From the entries that follow, work out how many lines contain "before". Write the number only.

Start of Supplied records

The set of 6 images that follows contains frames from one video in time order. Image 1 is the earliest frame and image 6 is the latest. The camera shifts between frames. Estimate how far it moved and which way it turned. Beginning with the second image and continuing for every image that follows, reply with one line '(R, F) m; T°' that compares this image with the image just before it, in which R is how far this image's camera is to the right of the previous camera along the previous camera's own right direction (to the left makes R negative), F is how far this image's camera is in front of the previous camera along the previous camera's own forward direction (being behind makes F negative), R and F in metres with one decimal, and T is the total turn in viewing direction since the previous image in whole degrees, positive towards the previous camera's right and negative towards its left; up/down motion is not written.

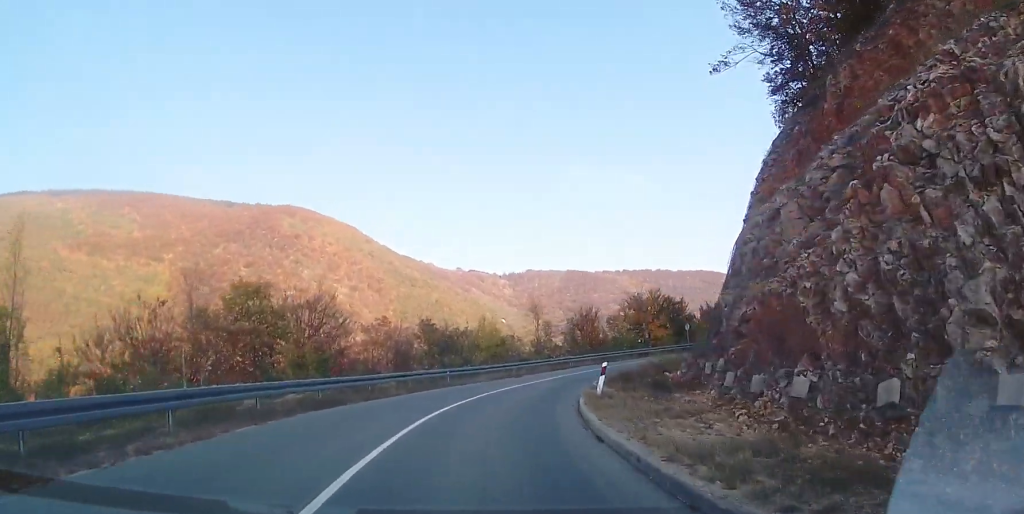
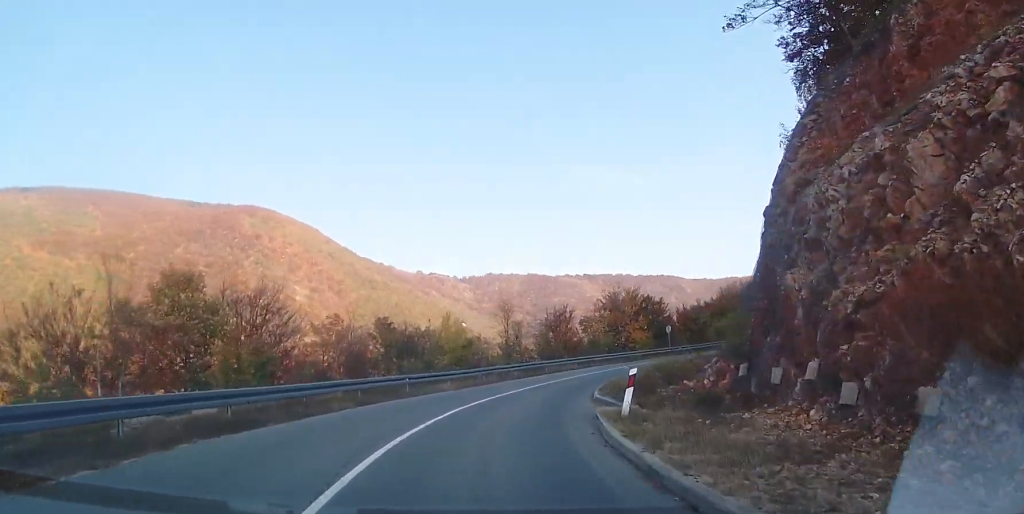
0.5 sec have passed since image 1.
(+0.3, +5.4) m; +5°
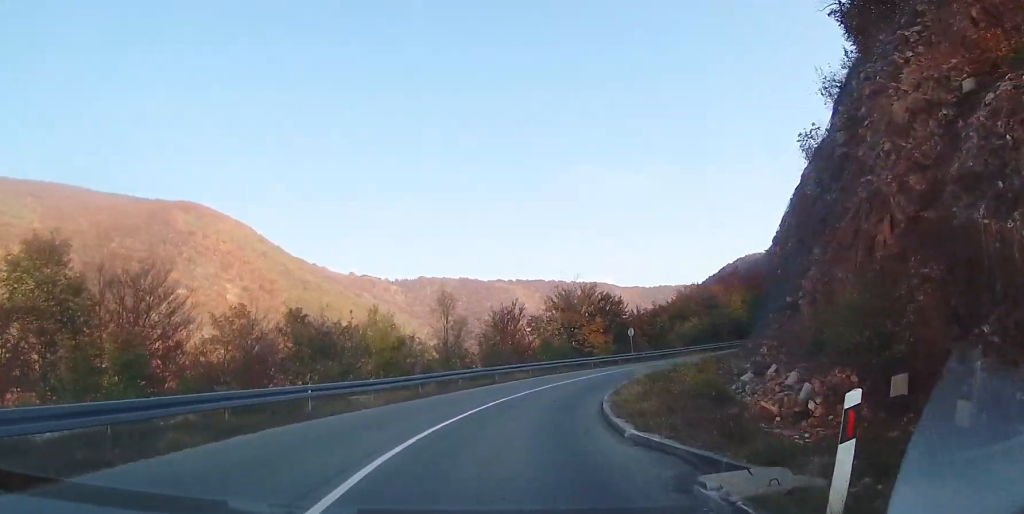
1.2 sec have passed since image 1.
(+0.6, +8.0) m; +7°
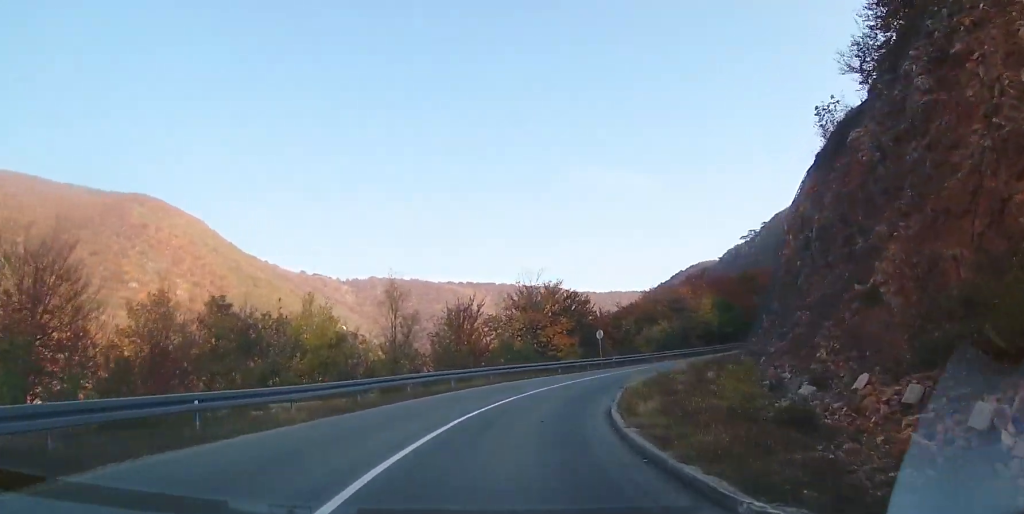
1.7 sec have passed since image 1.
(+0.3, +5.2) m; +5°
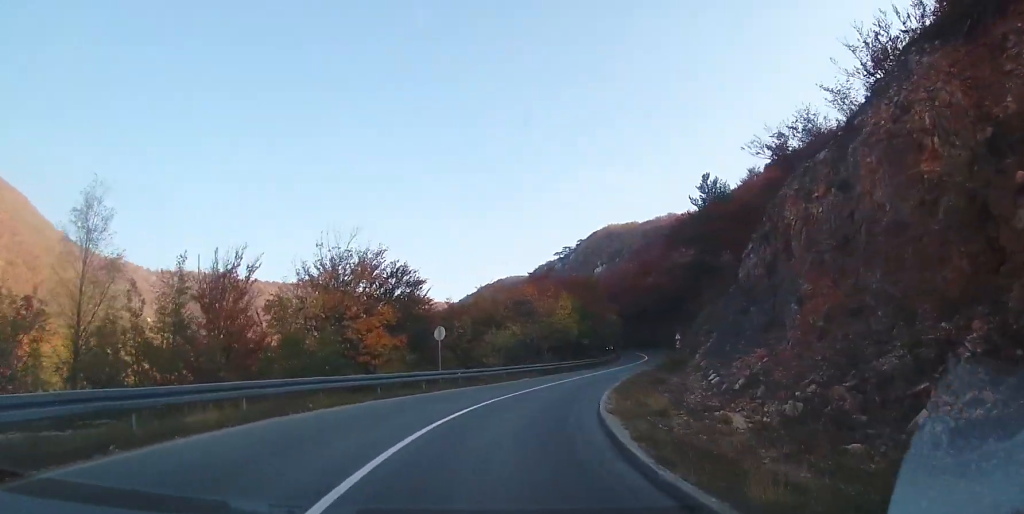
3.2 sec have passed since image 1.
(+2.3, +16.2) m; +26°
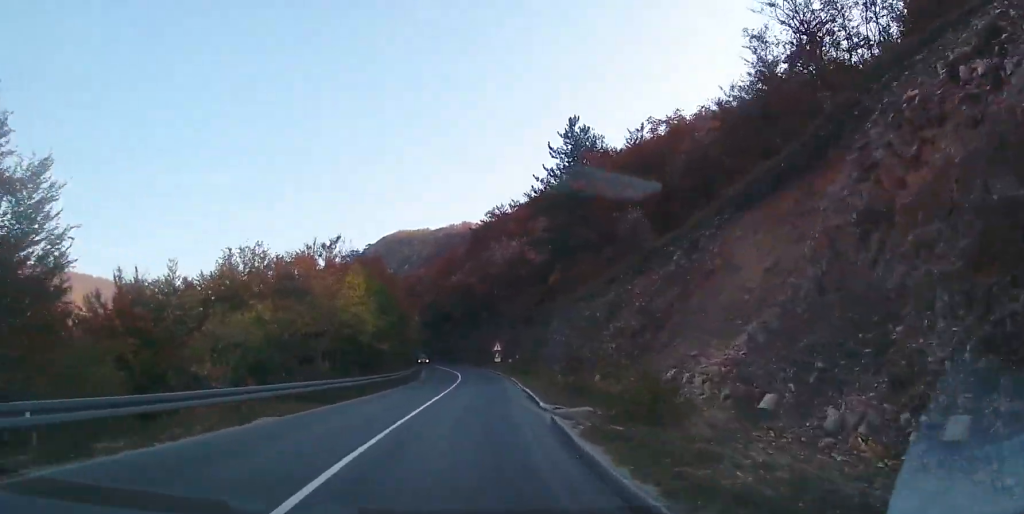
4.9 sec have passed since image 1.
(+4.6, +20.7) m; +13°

End of Supplied records
Start of Supplied records

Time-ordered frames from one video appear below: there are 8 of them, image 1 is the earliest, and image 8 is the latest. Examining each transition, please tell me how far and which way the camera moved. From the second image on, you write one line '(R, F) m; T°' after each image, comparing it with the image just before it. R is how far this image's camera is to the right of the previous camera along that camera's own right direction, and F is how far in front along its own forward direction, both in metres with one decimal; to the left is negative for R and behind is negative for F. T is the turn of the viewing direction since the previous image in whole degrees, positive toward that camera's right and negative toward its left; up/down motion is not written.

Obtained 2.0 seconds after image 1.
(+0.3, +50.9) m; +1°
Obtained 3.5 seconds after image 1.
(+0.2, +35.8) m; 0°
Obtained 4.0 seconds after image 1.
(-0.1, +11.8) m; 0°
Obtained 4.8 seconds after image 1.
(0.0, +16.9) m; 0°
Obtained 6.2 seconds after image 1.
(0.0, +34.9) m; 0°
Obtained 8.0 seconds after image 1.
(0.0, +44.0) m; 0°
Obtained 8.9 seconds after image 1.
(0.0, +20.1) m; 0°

End of Supplied records

• _Reply_:
2